Key differences from `RamUsageEstimator`:

- **Configuration-driven.** You supply an `IndexConfig`; the estimator knows about graph degree, hierarchy, overflow ratio, PQ knobs, etc.
- **Includes build/serving buffers.** It models the per-thread scratch space that `GraphIndexBuilder` and `GraphSearcher` allocate, which a generic object walk would miss.
- **Ram bytes roll-up.** Instead of calling `ramBytesUsed()` on each structure and summing blindly, the estimator samples per-layer node measurements, separates fixed from per-node overhead, and extrapolates—giving more nuance than the aggregate numbers you get from `RamUsageEstimator`.
- **Predictive rather than introspective.** You can estimate requirements before ever building the full index; `RamUsageEstimator` only reports on objects you already have.

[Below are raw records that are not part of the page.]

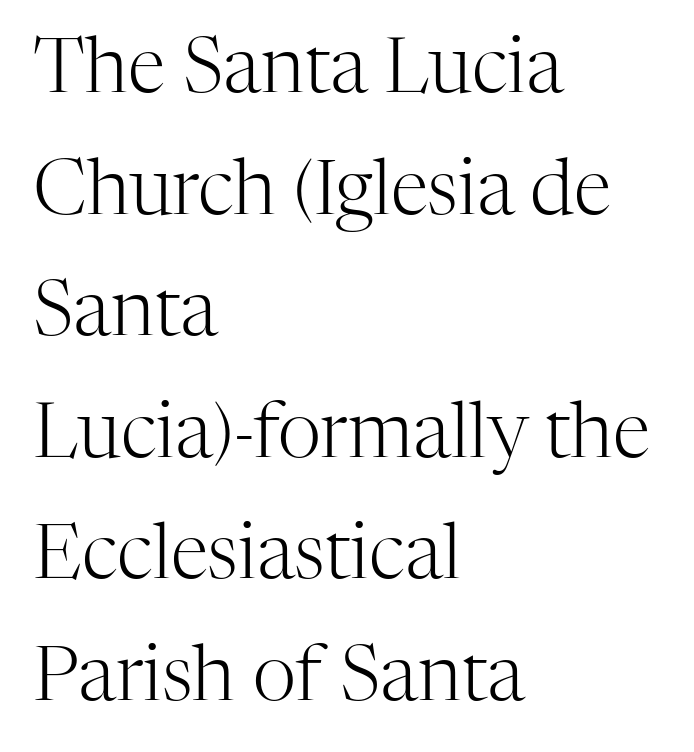
The image shows 76 px light serif type, upright; set left-aligned, normal line spacing (1.6x), normal letter spacing, not underlined; high stroke contrast and a medium x-height.
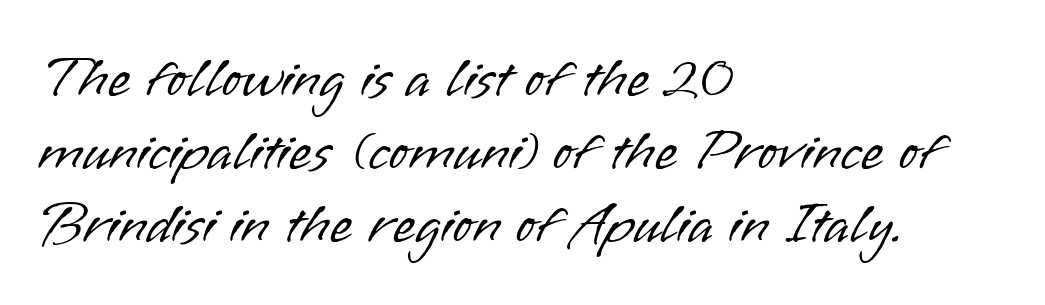
Classification — sans serif. If you drew a ruler down the left edge, every line would touch it. Summary of weight: not heavy and not bold. What stands out about the letter spacing? Nothing — it is the standard amount. Spacing verdict: proportional, widths tailored to each character.
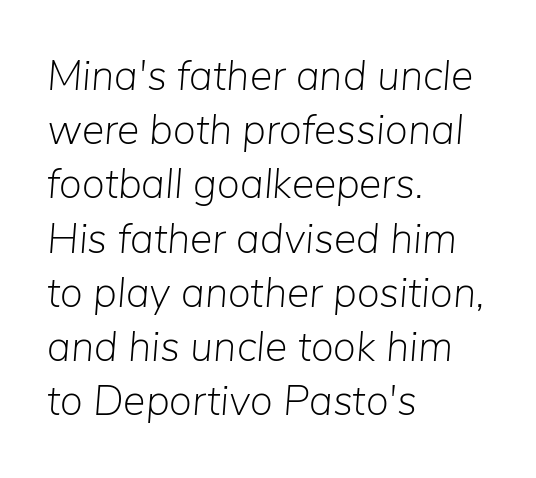
{"italic": "yes", "lean": "right", "slant_degrees": 5, "bold": "no", "weight": "light", "width": "normal", "stroke_contrast": "low", "x_height": "medium", "monospaced": "no", "underline": "no", "align": "left", "line_spacing": "normal", "line_spacing_ratio": 1.29, "letter_spacing": "normal", "letter_spacing_em": 0.0, "glyph_px": 42}
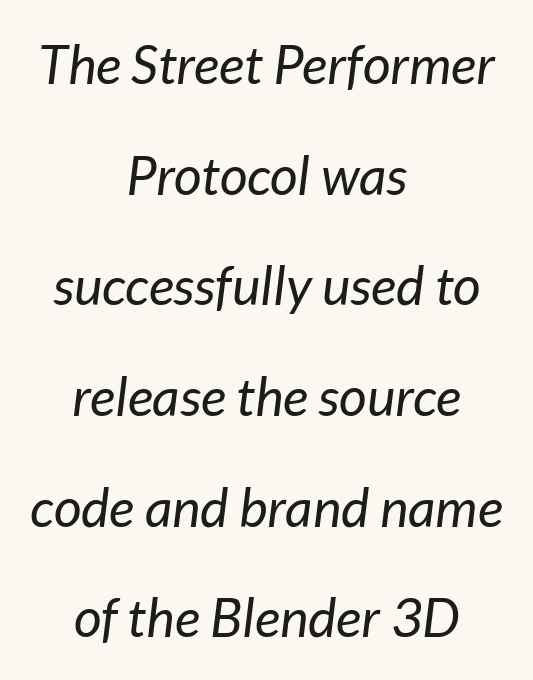
Q: Is the text bold? A: No.
Q: Is the text italic (slanted)? A: Yes, it leans right by about 7 degrees.
Q: Is the text underlined? A: No.
Q: How is the paragraph aligned? A: Centered.
Q: Is the spacing between letters normal or unusually wide? A: Normal.
Q: Is the spacing between lines tight, normal or loose? A: Loose.
Q: Width (condensed, normal, or wide)? A: Normal.
Q: Stroke contrast? A: Low.
Q: x-height? A: Medium.
Q: Monospaced? A: No.
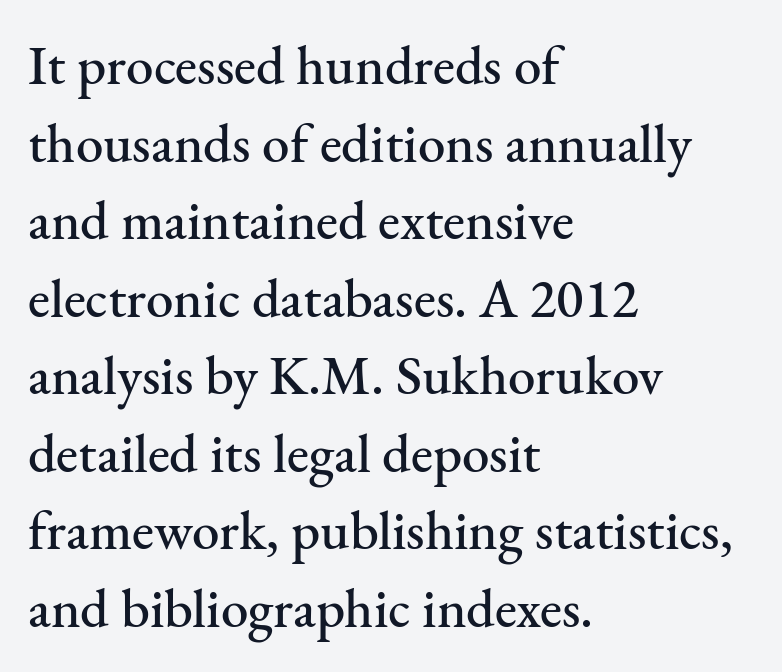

Use `RamUsageEstimator` when you need an exact footprint of *current* objects (e.g., debugging) and `MemoryCostEstimator` when planning or sizing JVector indexes.

### Quick Start

```java
int dimension = 768;

MemoryCostEstimator.IndexConfig config = MemoryCostEstimator.IndexConfig.defaultConfig(dimension);
MemoryCostEstimator.MemoryModel model = MemoryCostEstimator.createModel(config, 2_000);

MemoryCostEstimator.Estimate serving = model.estimateBytes(10_000_000); // 10M vectors, steady state
MemoryCostEstimator.Estimate indexing = model.estimateBytesWithIndexingBuffers(10_000_000, 16); // 16 build threads
MemoryCostEstimator.Estimate searching = model.estimateBytesWithSearchBuffers(10_000_000, 64); // 64 query threads

long centralBytes = serving.value();
long margin = serving.marginBytes();
System.out.printf("Servicing: %d bytes ± %d bytes (%.0f%%)\n", centralBytes, margin, serving.marginFraction() * 100);
```

Pick a sample size between 1,000 and 10,000 vectors; larger samples tighten the projection at the cost of a longer warm-up build. The returned `MemoryModel` offers `estimateBytes` for steady-state usage plus helpers to account for thread-local scratch space during indexing or query serving. Each method now returns an `Estimate` (central value and ±margin so you can reason about best/worst cases directly).

### Accuracy

`MemoryCostEstimatorAccuracyTest` exercises the estimator against real graph builds with and without PQ. The measured footprint must stay within a 5% tolerance (roughly twice the worst error we have observed so far). Running the full six-configuration, seven-dimensionality matrix takes ~23 seconds on an M2 Max laptop; budget additional time on slower hardware. For deep dives you can crank the sample size to the 10,000-vector cap—just note that the 64d cases grow to a few seconds each while the 4096d + PQ runs stretch past a minute apiece. Current coverage includes

* Hierarchical, M=16, no PQ — 64–4096 dims stay within +0.6–1.7% relative error (well below the 20% guardrail)
* Hierarchical, M=16, PQ (16×256 up to 1024d, 32×256 for ≥2048d) — 64–4096 dims land between +0.04% and +1.45%
* Flat, M=32, no PQ — 64–4096 dims sit in the +0.0–1.0% range
* Flat, M=24, PQ (16×256 up to 1024d, 32×256 for ≥2048d) — 64–4096 dims stay within +0.0–1.2%
* Hierarchical, high degree (M=48, no PQ) — 64–4096 dims remain inside +0.1–1.0%
* Hierarchical, cosine similarity (M=16, no PQ) — 64–4096 dims land between +0.6–2.3%

If you tune different configurations regularly (e.g., larger degrees or alternative similarity functions), extend the matrix so the backing data stays relevant.